Task requirements – Produce a verbatim transcript of the entries below, excluding pictures.

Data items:
- - - - - - -

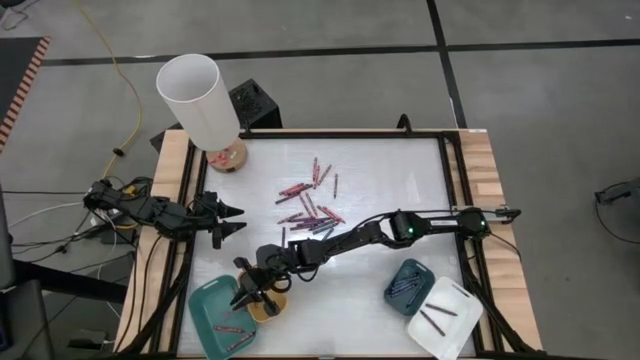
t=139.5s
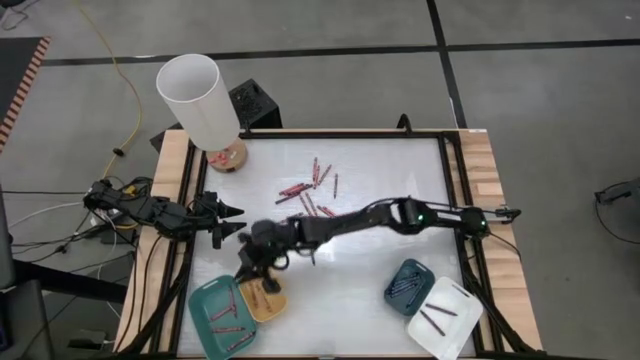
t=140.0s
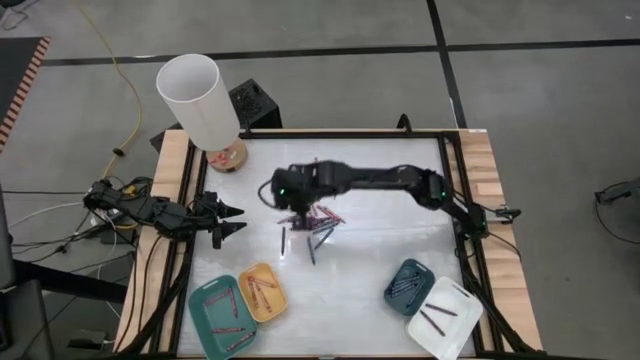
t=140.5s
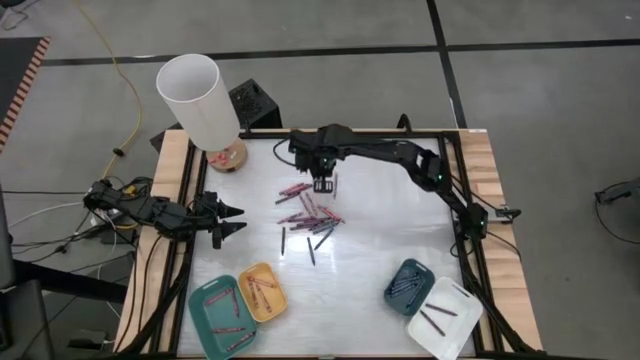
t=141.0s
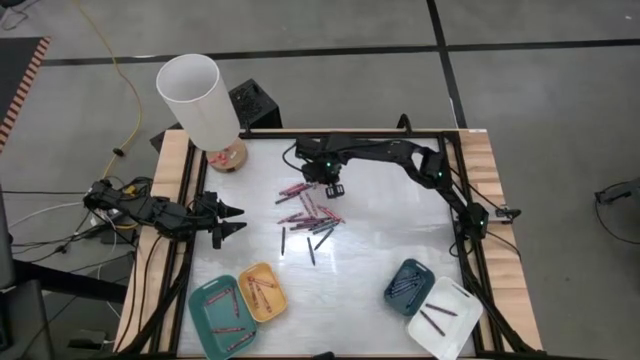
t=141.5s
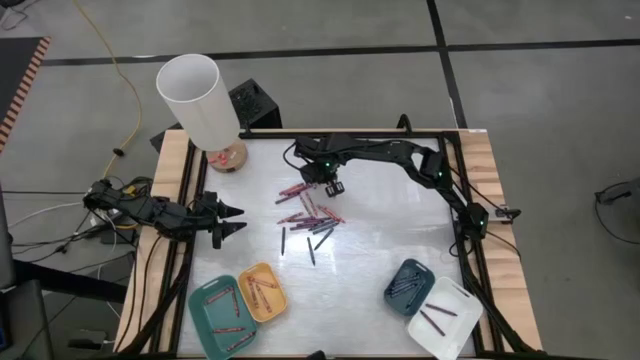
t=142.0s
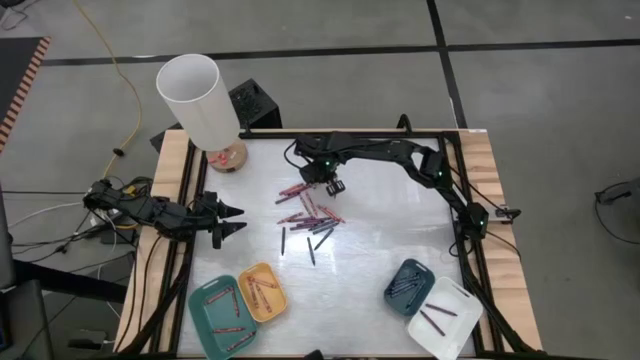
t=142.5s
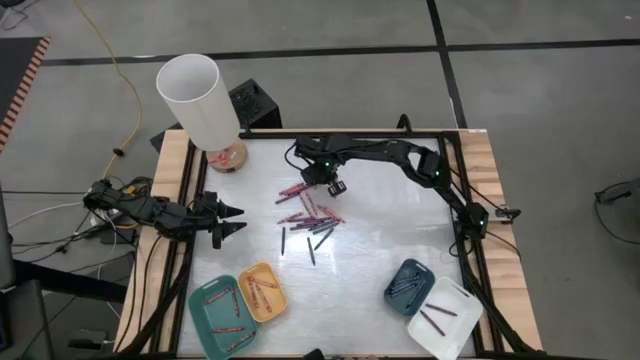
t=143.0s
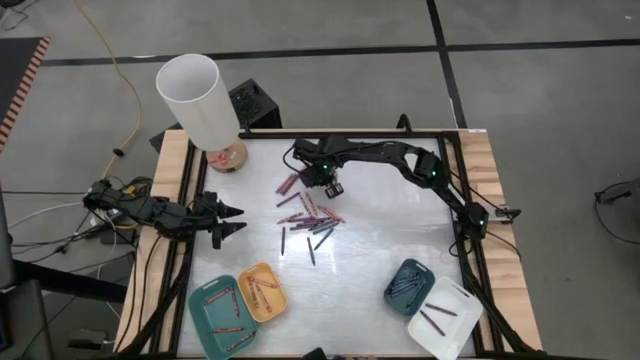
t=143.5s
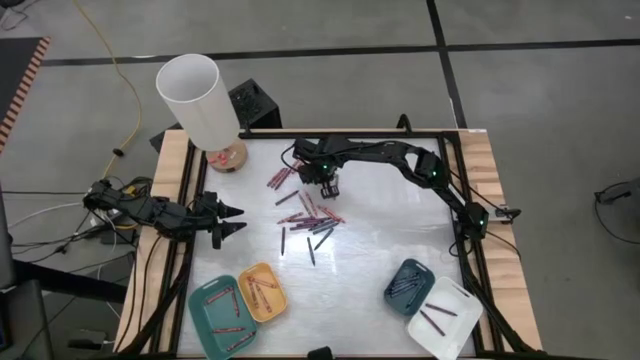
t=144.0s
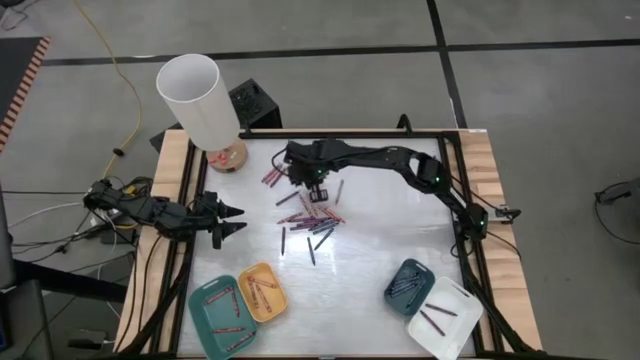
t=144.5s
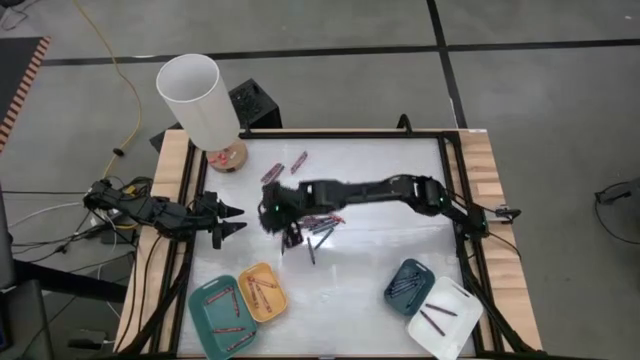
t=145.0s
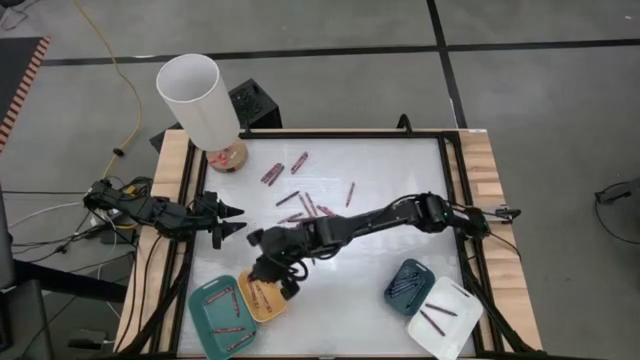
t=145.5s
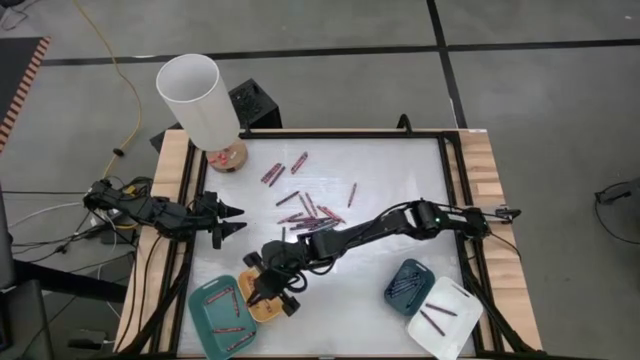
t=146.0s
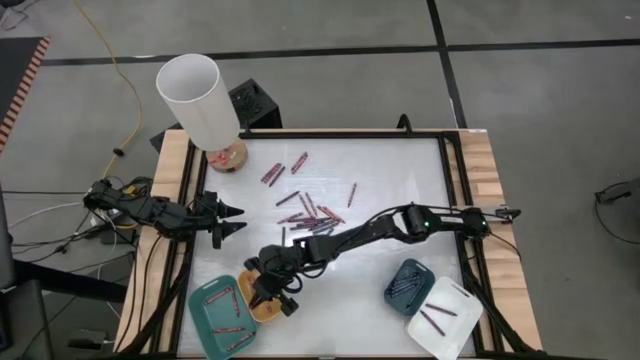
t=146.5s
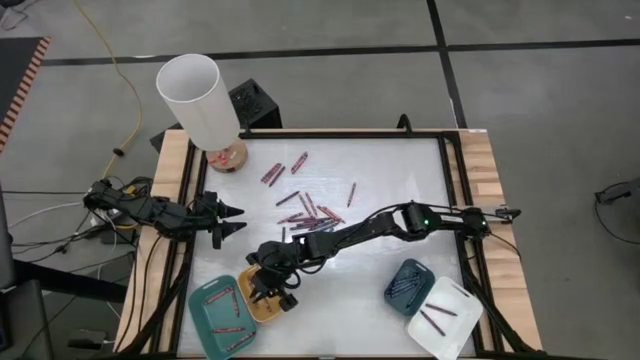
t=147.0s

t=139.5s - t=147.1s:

- - - - - - -

Exercise response –
t=139.5s
t=140.0s
t=140.5s
t=141.0s
t=141.5s
t=142.0s
t=142.5s
t=143.0s
t=143.5s
t=144.0s
t=144.5s
t=145.0s
t=145.5s
t=146.0s
t=146.5s
t=147.0s

t=139.5s - t=147.1s:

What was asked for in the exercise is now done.